15 mai
Ils ont rouvert les CHSLD pour les proches aidants. J’y suis allé cette semaine. J’ai revu mon père. En vrai.
C’était mercredi, en plein cœur des semailles. Dans le Pays Brûlé, la poussière des tracteurs embrumait la plaine. Les cabines émergeaient de leur nuage comme de grandes machines triomphantes. J’étais heureux, mais un peu nerveux. J’ai traversé le pont. La rivière Nicolet avait repris son air de cré fine, son air de dire: nan, nan, c’est moi la plus belle, avez-vous vu mes rives verdoyantes, mes falaises, ma beauté?
À l’accueil de l’hôpital, deux très jeunes et très frêles gardiens de sécurité m’ont accueilli avec un manque d’autorité presque touchant. Voulez-vous vous laver les mains? Deux comparses qu’on aurait dit frais débarqués du Togo ou de la Côte d’Ivoire, pris dans un inconfort aussi gros que la radio accrochée à leur hanche, perdus dans cet hôpital tout blanc et tout crispé. J’ai souri, témoin de cet interrogatoire improbable de l’un d’eux à l’accent prononcé, mais à la voix basse et incertaine questionnant cette madame achalée par son masque, nicoletaine de souche profonde, québécoise de très grande permanence.
Arrivez-vous de voyage?
Han?
Arrivez-vous de voyage?
Non.
Une infirmière, Sophie, est venue nous chercher, la madame et moi. On est allés à la cafétéria pour une mini formation de port de masque, de lavage de mains et de vérification de consentement. Sophie nous a montré comment enlever le masque. Le pointu de son menton, de son nez et de ses pommettes n’avait pas été annoncé par la rondeur de ses yeux. Ça m’a surpris, mais pas déçu. On a remis nos masques. La madame s’est mise à chialer contre la paranoïa autour du virus. Je crois pas à ça ce virus-là, je suis contre ça, je signerai pas ça! Les yeux de Sophie sont devenus encore plus ronds quand elle m’a regardé. Vous n’avez pas le choix madame si vous voulez voir votre mari.
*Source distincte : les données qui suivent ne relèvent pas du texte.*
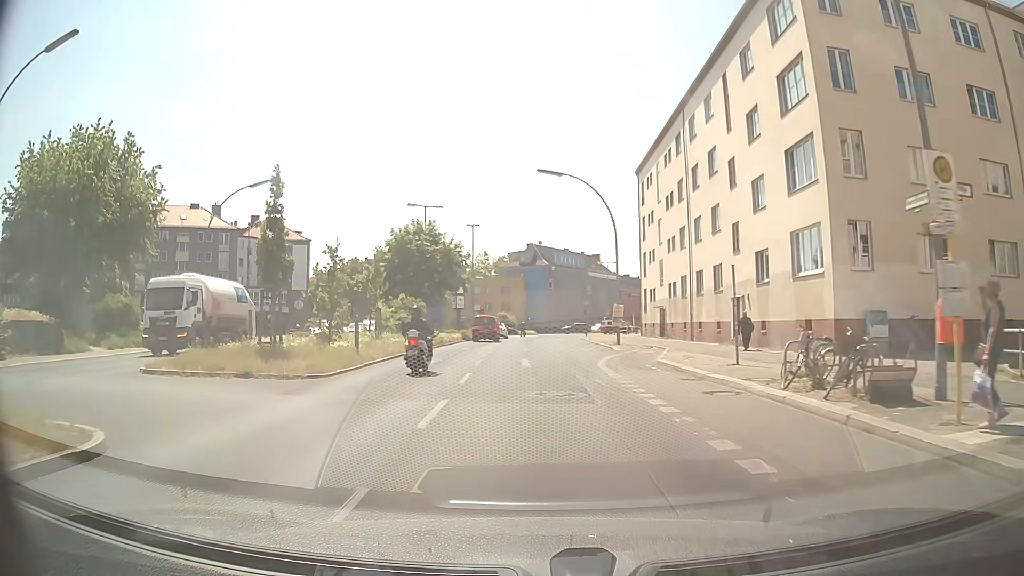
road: secondary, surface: asphalt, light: Day
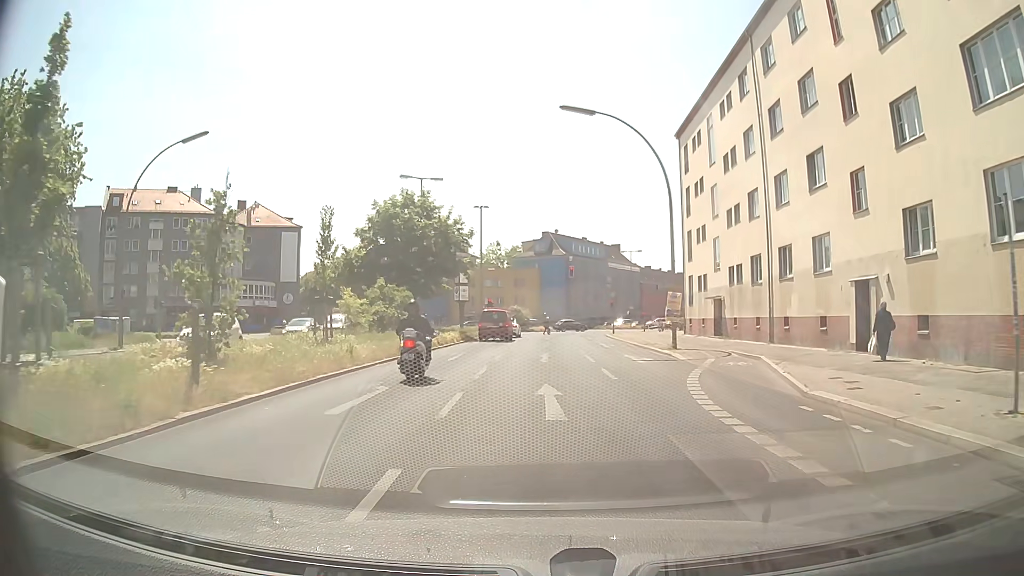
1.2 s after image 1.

Sophie est allée reconduire la madame à l’étage de son mari malade et perdu qu’elle pourra recommencer à faire manger, à peigner, à laver. Je l’ai attendue près de l’ascenseur, un peu anxieux. Elle est revenue, on a monté, elle m’a amené jusqu’à mon père qui était au fond du corridor. Un beau paquet d’os debout, en train de marcher, sans canne, presque solide. Il m’a vu m’approcher sans me reconnaître. Il a plissé les yeux, méfiant. J’ai parlé haut, avec ma voix que je savais ma voix, avec mes mots que je savais mes mots. Il m’a reconnu. Il s’est mis à pleurer. C’est un braillard. Il pleurait systématiquement à chaque émission de La petite maison dans la prairie.
On est entrés dans sa chambre doucement, je l’ai aidé. Je me suis installé devant lui et on s’est retrouvés, comme avant, à travers le langage. J’ai parlé, expliqué, nommé, articulé, énuméré. Ma voix effaçait mon masque. Il m’écoutait, tentait de ne rien échapper. Le moindre mot étouffé, la moindre interjection bafouillée le déstabilisait. J’essayais d’être précis et fluide.
Puis il a parlé. Il a essayé. Difficilement. Les mots étaient loin, enfouis, absents. Il a tenté de me faire comprendre sa souffrance langagière avec les mots qu’il pouvait, qui venaient. Il usait d’analogies subtiles, parfois de couleurs, de mots-impressions (vent, couvrir, brique) qu’il échappait et rattrapait, de commentaires imagés sur sa propre stratégie, de mots parents, de reprise de fil, de récapitulations surprenantes. On a ri, sans le nommer, de ce méta-langage fragile et fascinant. Puis j’ai été soufflé par la grandeur du moment, la singularité du discours, sa fulgurance artistique. J’ai dit ces deux mots-là: fulgurance et artistique. Mon père m’a fait cet air que je connaissais si bien qui voulait dire que j’en mettais un peu trop puis il est retourné à ses univers hallucinés et inquiets.
On est venu lui porter une collation, un gobelet de crème glacée. Je l’ai regardé en silence déguster avec un plaisir fou et concentré ce sucre béni. Il en a échappé sur son chandail, je l’ai aidé à le nettoyer. Soudain, il a relevé la tête. Heille, as-tu fait ton voyage de vélo dans l’Ouest?